Let us consider a kinetic Monte Carlo model of a core-shell binary spherical nanoparticle on a rigid f.c.c. lattice with lattice parameter ##a##, where ##N_A = 45995## atoms of the faster diffuse species A are located in the core with radius ##r_c \sim 14a## whilst ##N_B = 30434## atoms of the slower diffuse species B form the shell with external radius ##r_s \sim 16.58a##. We assume that the three nearest neighbour pair-interaction energies are equal ##\phi_{AA}=\phi_{BB}=\phi_{AB}## but the effective attempt frequencies ##\nu_{A0}## and ##\nu_{B0}## of A and B atoms for exchange with a vacancy are strongly different ##\nu_{A0} / \nu_{B0} =10^3## and do not depend on the local arrangement of a vacancy. This model has a zero enthalpy of mixing. Furthermore, it has been shown [12,14-16] that with an appropriate choice of reduced pair-interaction energy ##\phi/kT## and using the equation:
$$-6\phi/kt \sim \frac{1}{(1-2c_v^{eq})} \ln{\left(\frac{1-c_v^{eq}}{c_v^{eq}}\right)} \quad (1)$$
for a pure element f.c.c. system it is possible to fulfil two requirements necessary for our numerical simulation. These are a reasonable calculation speed and a value of the equilibrium vacancy composition ##c_v^{eq}## sufficiently close to the vacancy composition at the melting temperature ##T_m## of a typical crystalline solid. For the case of very small ##c_v^{eq}## Eq. (1) will correctly describe an equilibrium vacancy composition in a model of a binary alloy with equal pair-interaction energies.

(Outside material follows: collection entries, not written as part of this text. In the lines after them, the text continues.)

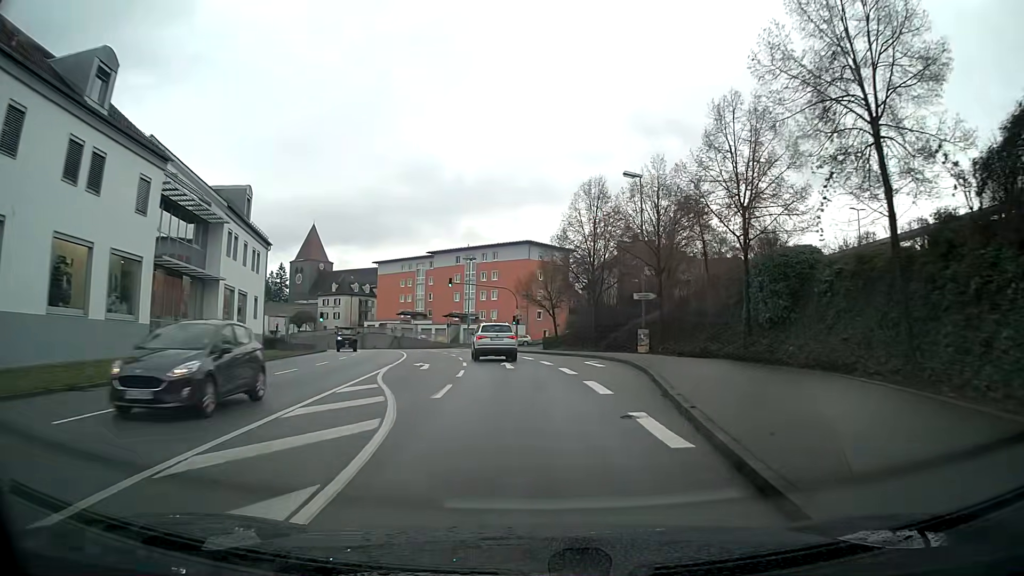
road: tertiary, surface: asphalt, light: Day
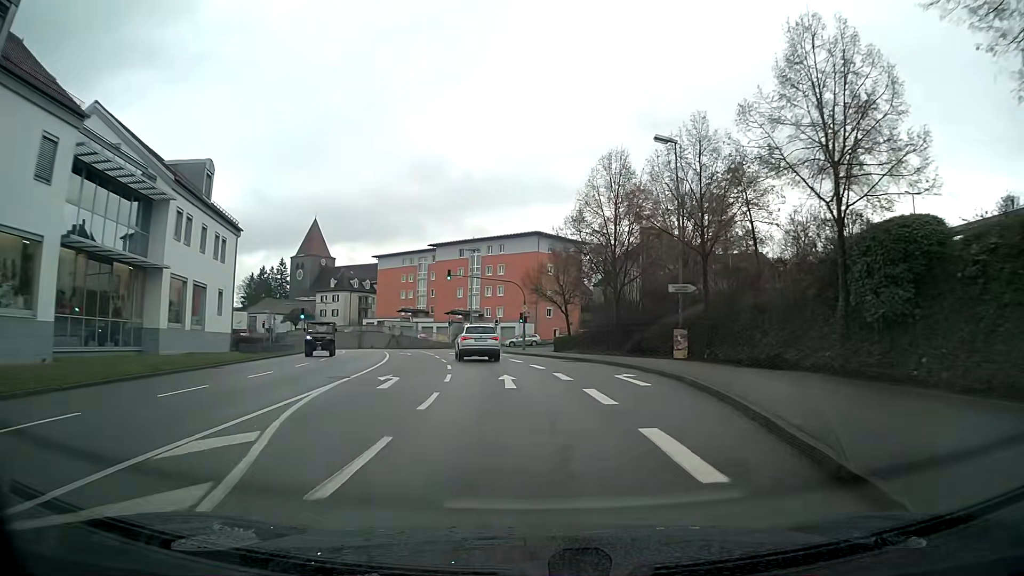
(0.0, +7.4) m; -1°
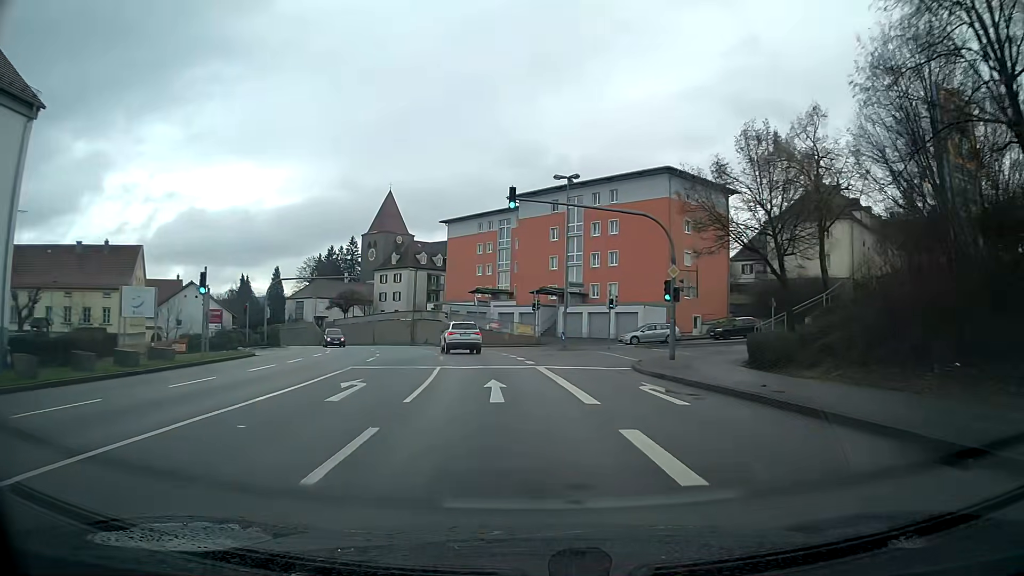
(-2.1, +29.8) m; -9°
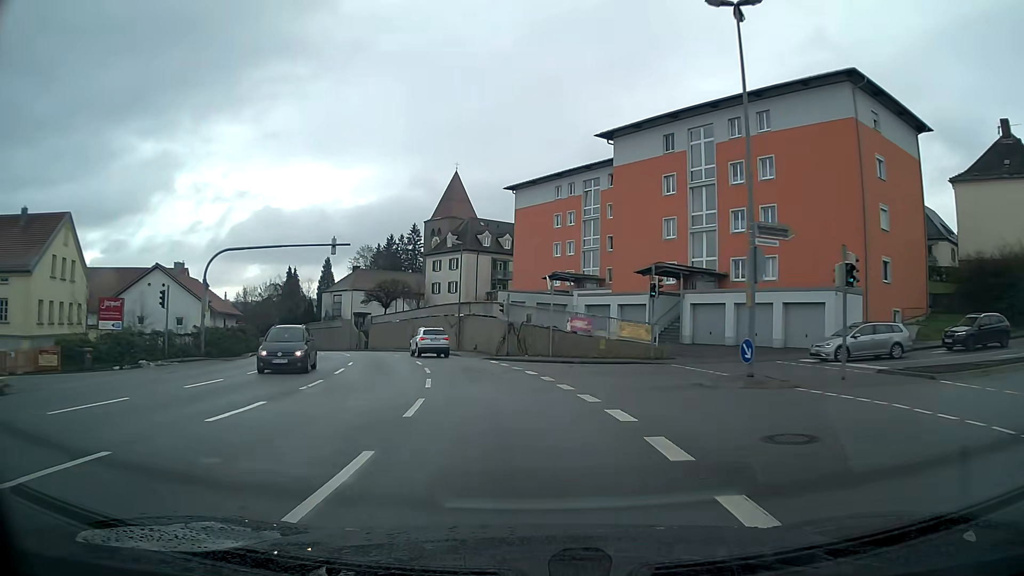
(-1.5, +22.9) m; -8°
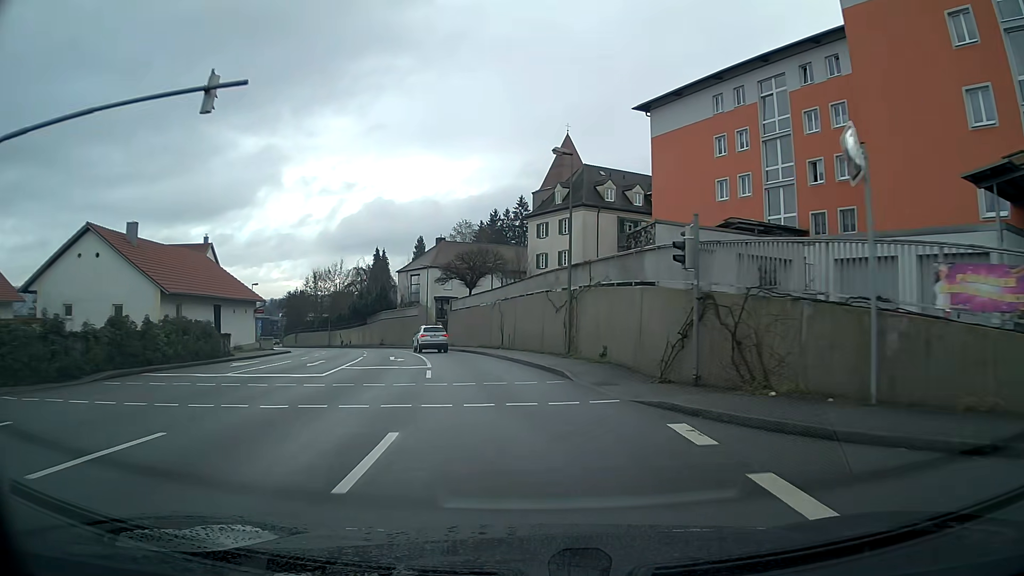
(-1.9, +23.3) m; -9°
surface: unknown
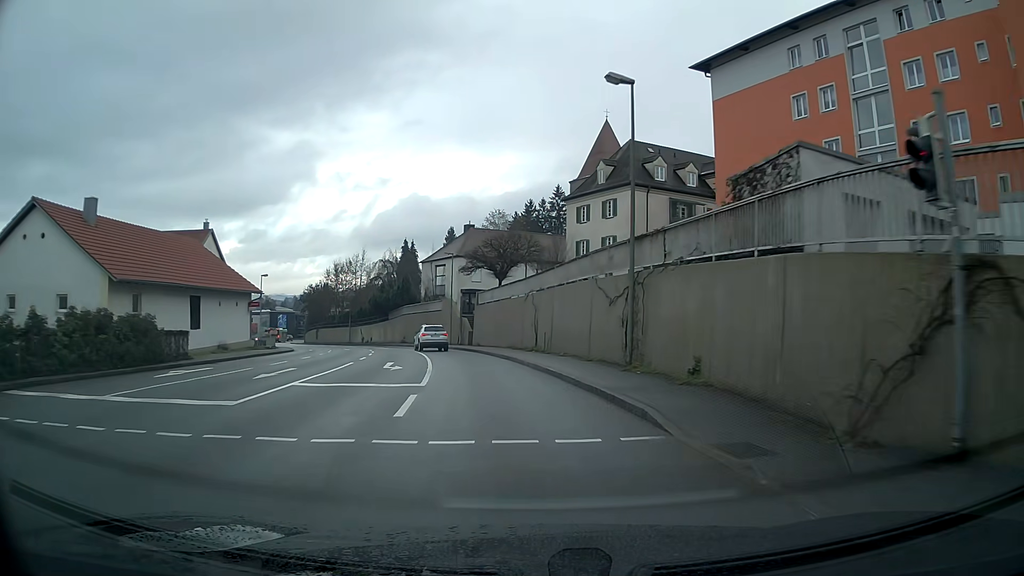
(-0.2, +7.9) m; -3°

In this case, the vacancy formation energy will not depend on the atomic distributions and the additional configurational entropy term for vacancies appearing in a binary alloy will be negligible (for details see [18]). Following these reasons, the reduced pair-interaction energy ##\phi/kT = -1.5## was chosen using Eq. (1) to provide an equilibrium vacancy composition of ##c_v \sim 1.24×10^{-4}## in pure A and B as well as in a binary A-B alloy of f.c.c. systems.
The Kirkendall effect is a phenomenon in materials science where there is a difference in diffusion rates between two different components in a solid material. This results in the formation of voids or pores in the material, leading to changes in its microstructure and properties.
The Kirkendall effect occurs due to a difference in the diffusion rates of two different components in a solid material. This can be caused by differences in atomic size, chemical bonding, or temperature gradients within the material.
Vacancy concentration refers to the number of vacant lattice sites in a solid material. These vacancies can be caused by defects or imperfections in the material, and can affect its properties and behavior.
Pair interaction energy refers to the energy associated with the interaction between two atoms or ions in a solid material. This energy can be influenced by factors such as atomic size, chemical bonding, and temperature, and can play a significant role in the Kirkendall effect.
The Kirkendall effect can have significant impacts on the microstructure and properties of materials. It can lead to changes in porosity, grain boundaries, and diffusion pathways, which can affect mechanical, electrical, and chemical properties of the material. Understanding and controlling the Kirkendall effect is important in materials design and engineering.